The goons were guarding the front of the stage area, according to instructions on this helpful sign:
“For entrance into the Pit, you MUST have the wristband designated by Club NOKIA Management. VIP Backstage/All Access wristbands do not give you access to Pit area.”
Lydon must have not seen this sign, because he ridiculously kept berating the folks with “the wristband designated by Club NOKIA Management” for not knowing his songs, his lyrics, or for not dancing. Meanwhile, the band's non-hits kept coming: “Death Disco” (aka Swan Lake) brought in the screaming, dissonance and the swearing, and cult favorite “Flowers of Romance” (the title-track from the 1981 album) featured a cool bowed banjo that pointed to John Cale.
We took a stroll to check out the merch (a $35 t-shirt with the PiL logo that would have gotten one laid in 1980), and when we came back, Lydon was introducing the crowd to “Psychopath,” from his obscure 1997 solo album Psycho's Path. “It's swing time!,” he declared, but not a whole lotta swingin' was going on among the 40something crowd. “It's fucking hot up here,” he complained. He made a vague joke about medicinal marijuana. And then, both ironic and sincere, he spat “Thank you for being here”

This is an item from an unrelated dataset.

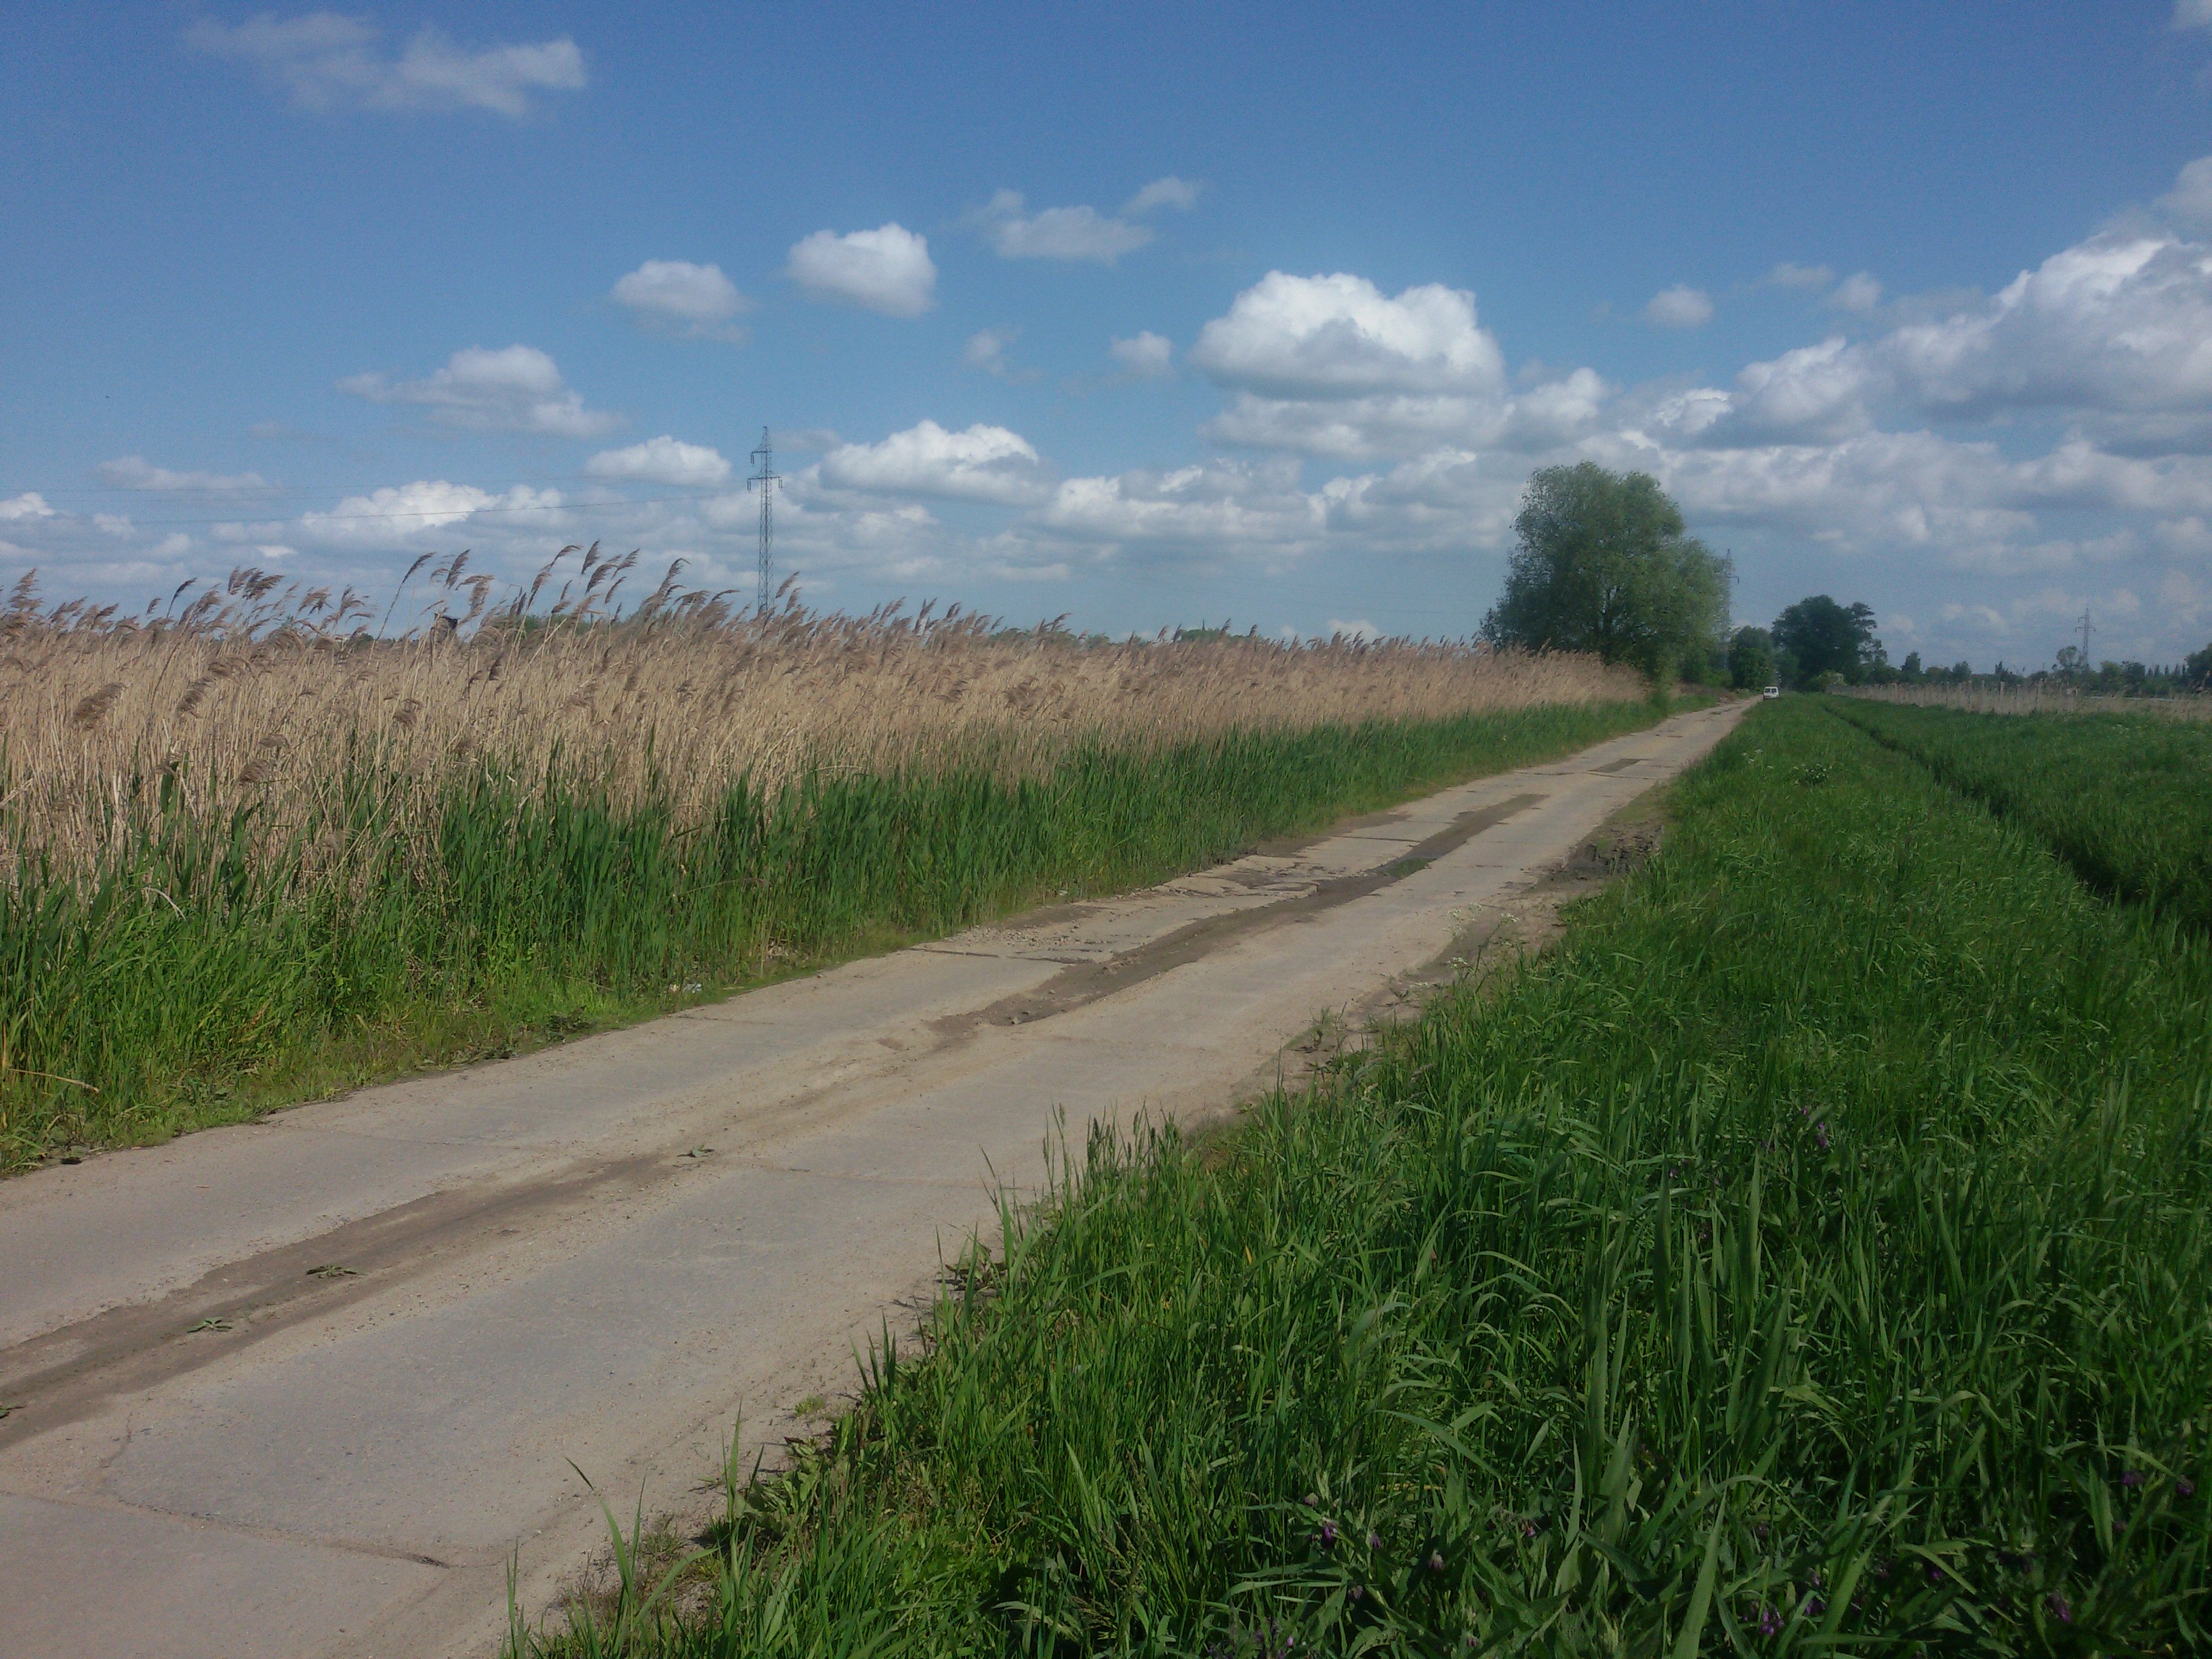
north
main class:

He played the would-be rousing “Warrior” (“this is my land and I will never surrender”) and did his little dance. No response. “Has America forgot how to dance,” he chided. “Feel the heat and fucking mean it–What a fucking audience, the only one spitting is me” (polite clapping). “You can always sing along,” Lydon implored.
After a short, unplanned bathroom break (“That's fucking old age for you–I should have worn my incontinent pants”) the most interesting part of the set actually materialized from nowhere.
A solid run through “Religion,” “Bags,” “Chant,” and “Memories,” occasionally dropping the bass to a nice, offending level, made you wish for Wobble's presence. This was PiL's real, long-lasting legacy, a strange form of white funk, and not even Lydon's always self-undermining clowning and schtick (corny Schwarzenegger jokes in 2010? Really?) could put a dent on it.
The main set closed with another crucial moment–a balls-out reading of “Public Image,” which was never really the first PiL song, but the last great Sex Pistols statement. And Lydon unleashed THE VOICE, that seminal punk sneer that is up there in rock mythology with Elvis' Sun singles, Dylan's “Like a Rolling Stone” and, maybe, Cobain's “Smell Like Teen Spirit.” For a couple of minutes, there, the legend came out of the incontinent little body in the black pajamas.
The encore had Psycho Path's “Sun,” Lydon's contribution to rave culture “Open Up” (a Leftfield single from 1993) and his only real US hit, Album's “Rise.” The hit finally brought the singalong, with its hooliganish chorus and the mantra “Anger is an energy.” Except the club was still Nokia and this was an energy drink crowd.
One last time, Lydon started berating the “precious” people on the balcony to come down and be one of the people. Hard to be one of the people with the goons protecting the mosh pit. Remember? “For entrance into the Pit, you MUST have the wristband designated by Club NOKIA Management.” In a different universe it would make a kickass early PiL lyric, wouldn't it?